- _About this task_: Only lines holding the word "stop" are needed; copy each of them from the material.

- _Material supplied_:
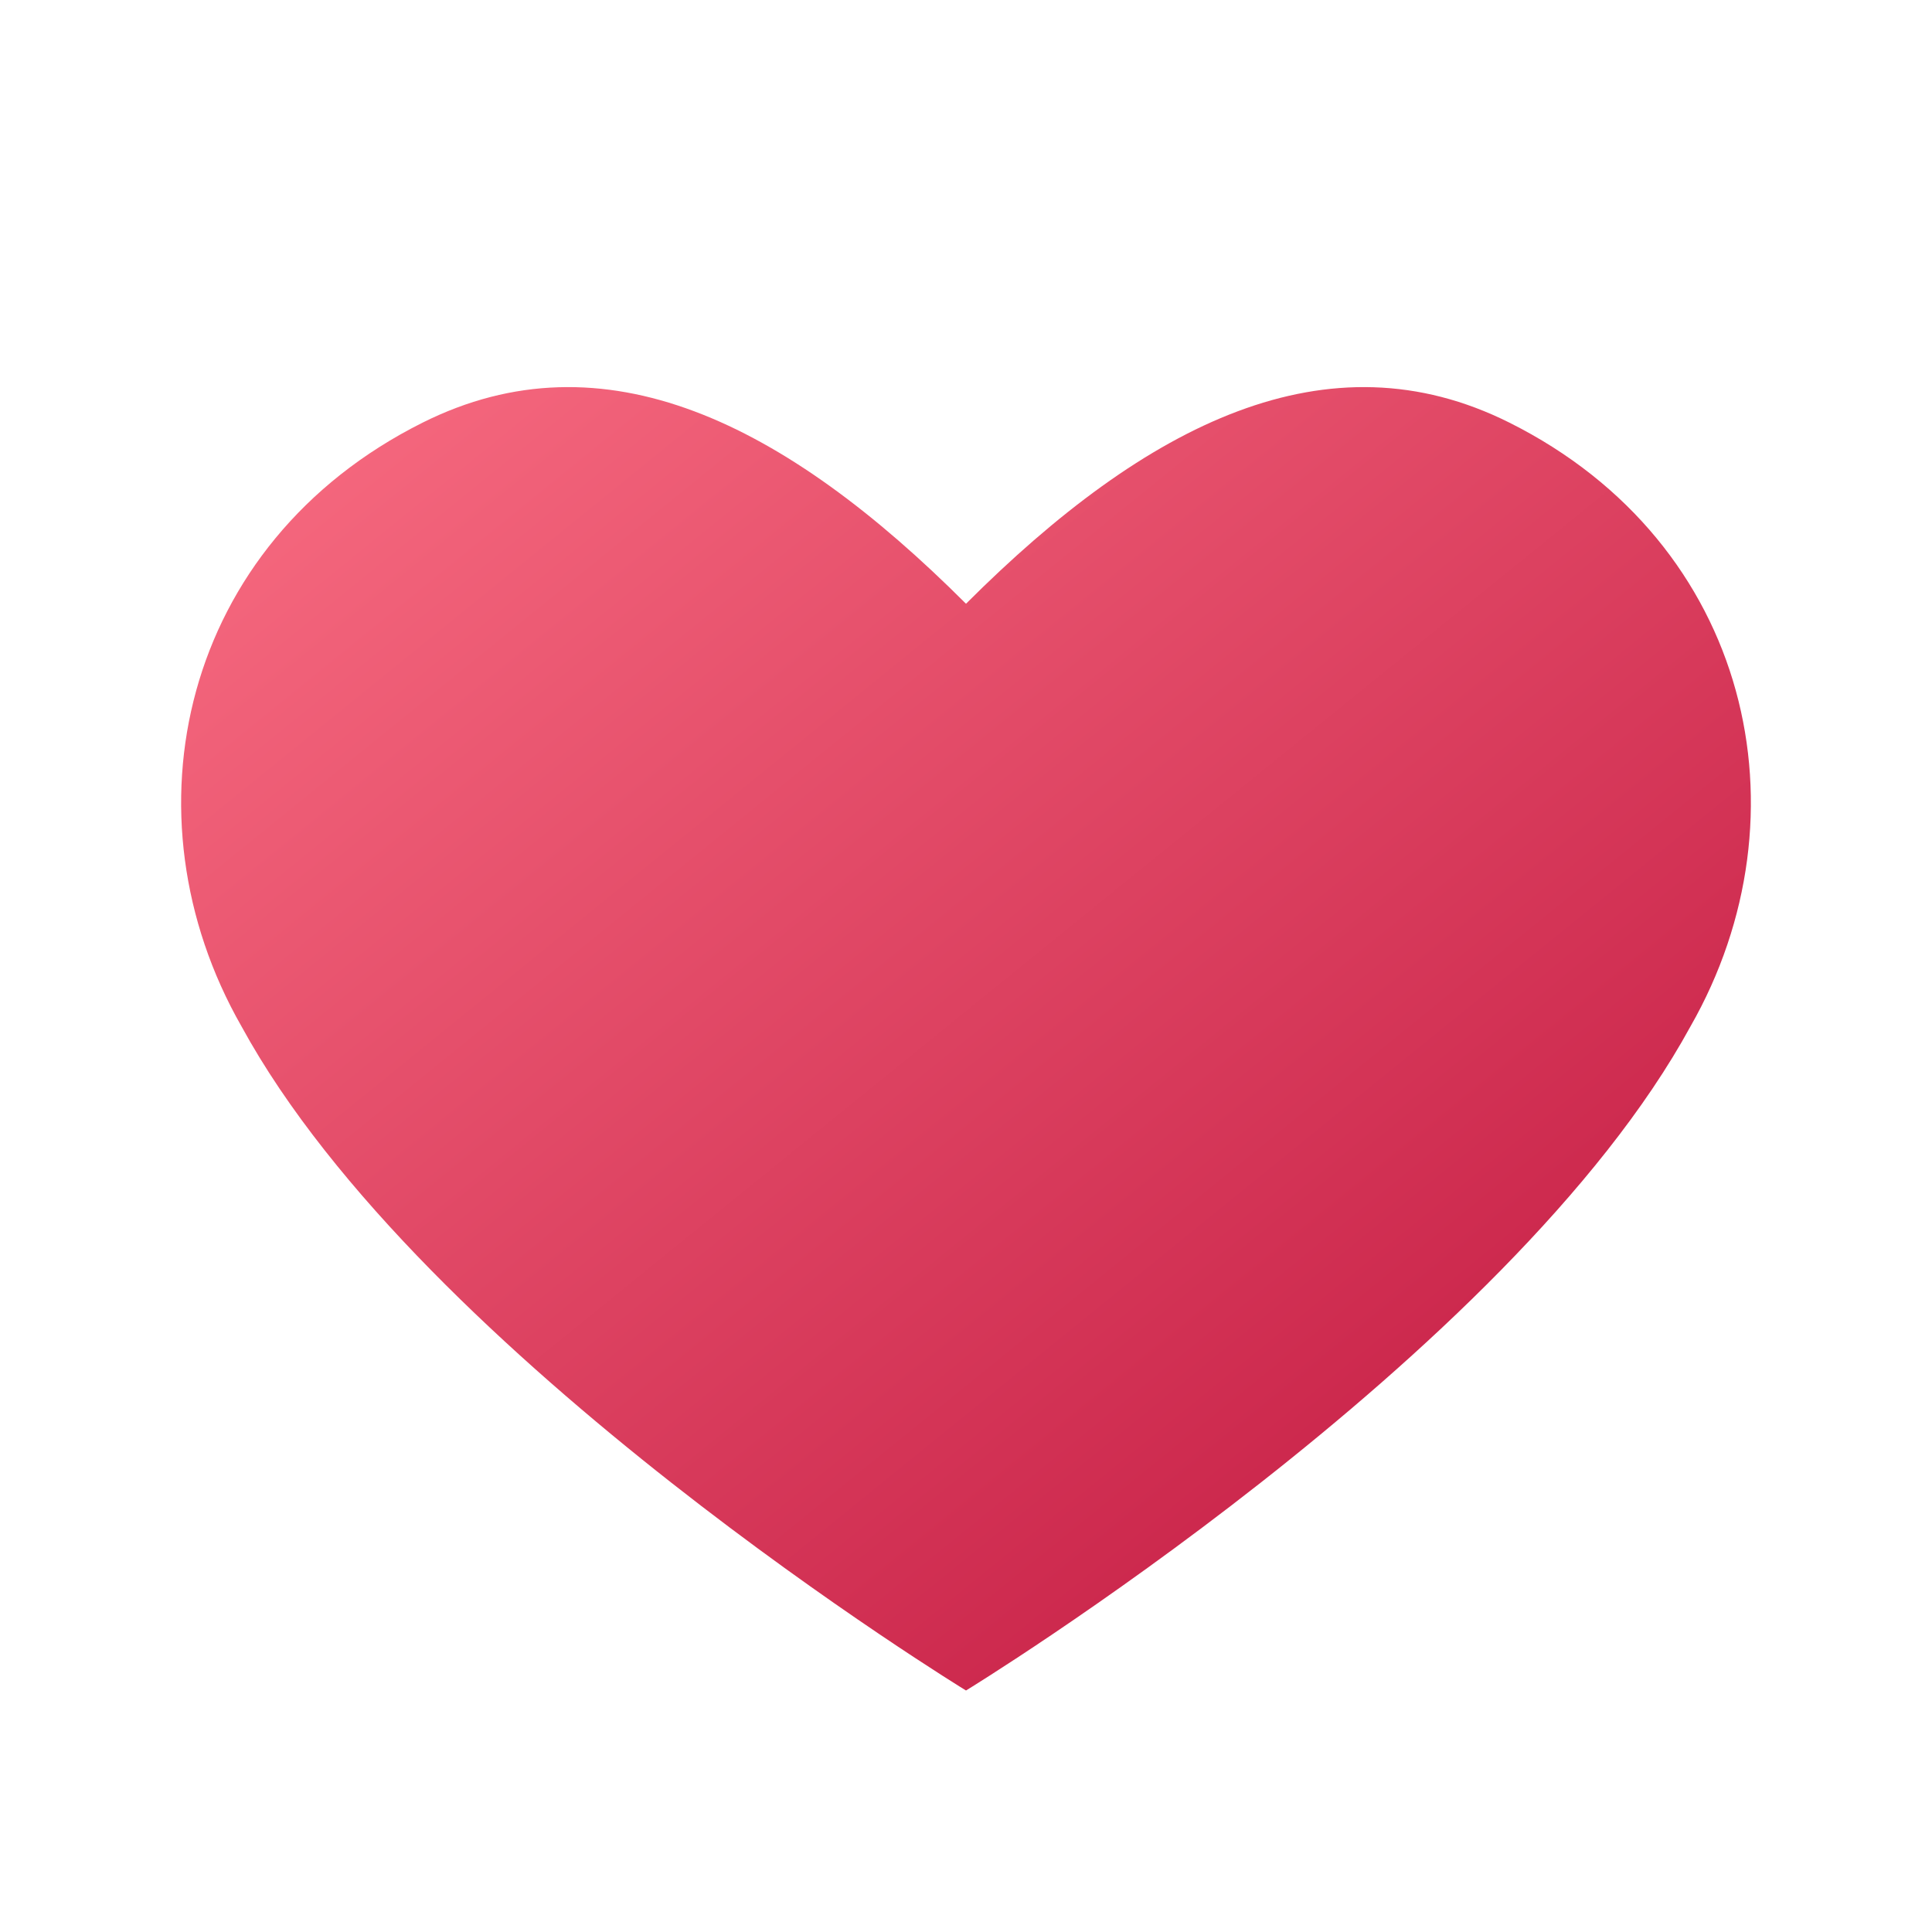 <svg xmlns="http://www.w3.org/2000/svg" viewBox="0 0 32 32">
  <defs>
    <linearGradient id="heartGradient" x1="0%" y1="0%" x2="100%" y2="100%">
      <stop offset="0%" style="stop-color:#fb7185"/>
      <stop offset="100%" style="stop-color:#be123c"/>
    </linearGradient>
  </defs>
  <path d="M16 28s-9-5.5-12-11c-2-3.5-1-8 3-10 3-1.5 6 0 9 3 3-3 6-4.5 9-3 4 2 5 6.5 3 10-3 5.5-12 11-12 11z" fill="url(#heartGradient)"/>
</svg>

- _Exercise solution_:
      <stop offset="0%" style="stop-color:#fb7185"/>
      <stop offset="100%" style="stop-color:#be123c"/>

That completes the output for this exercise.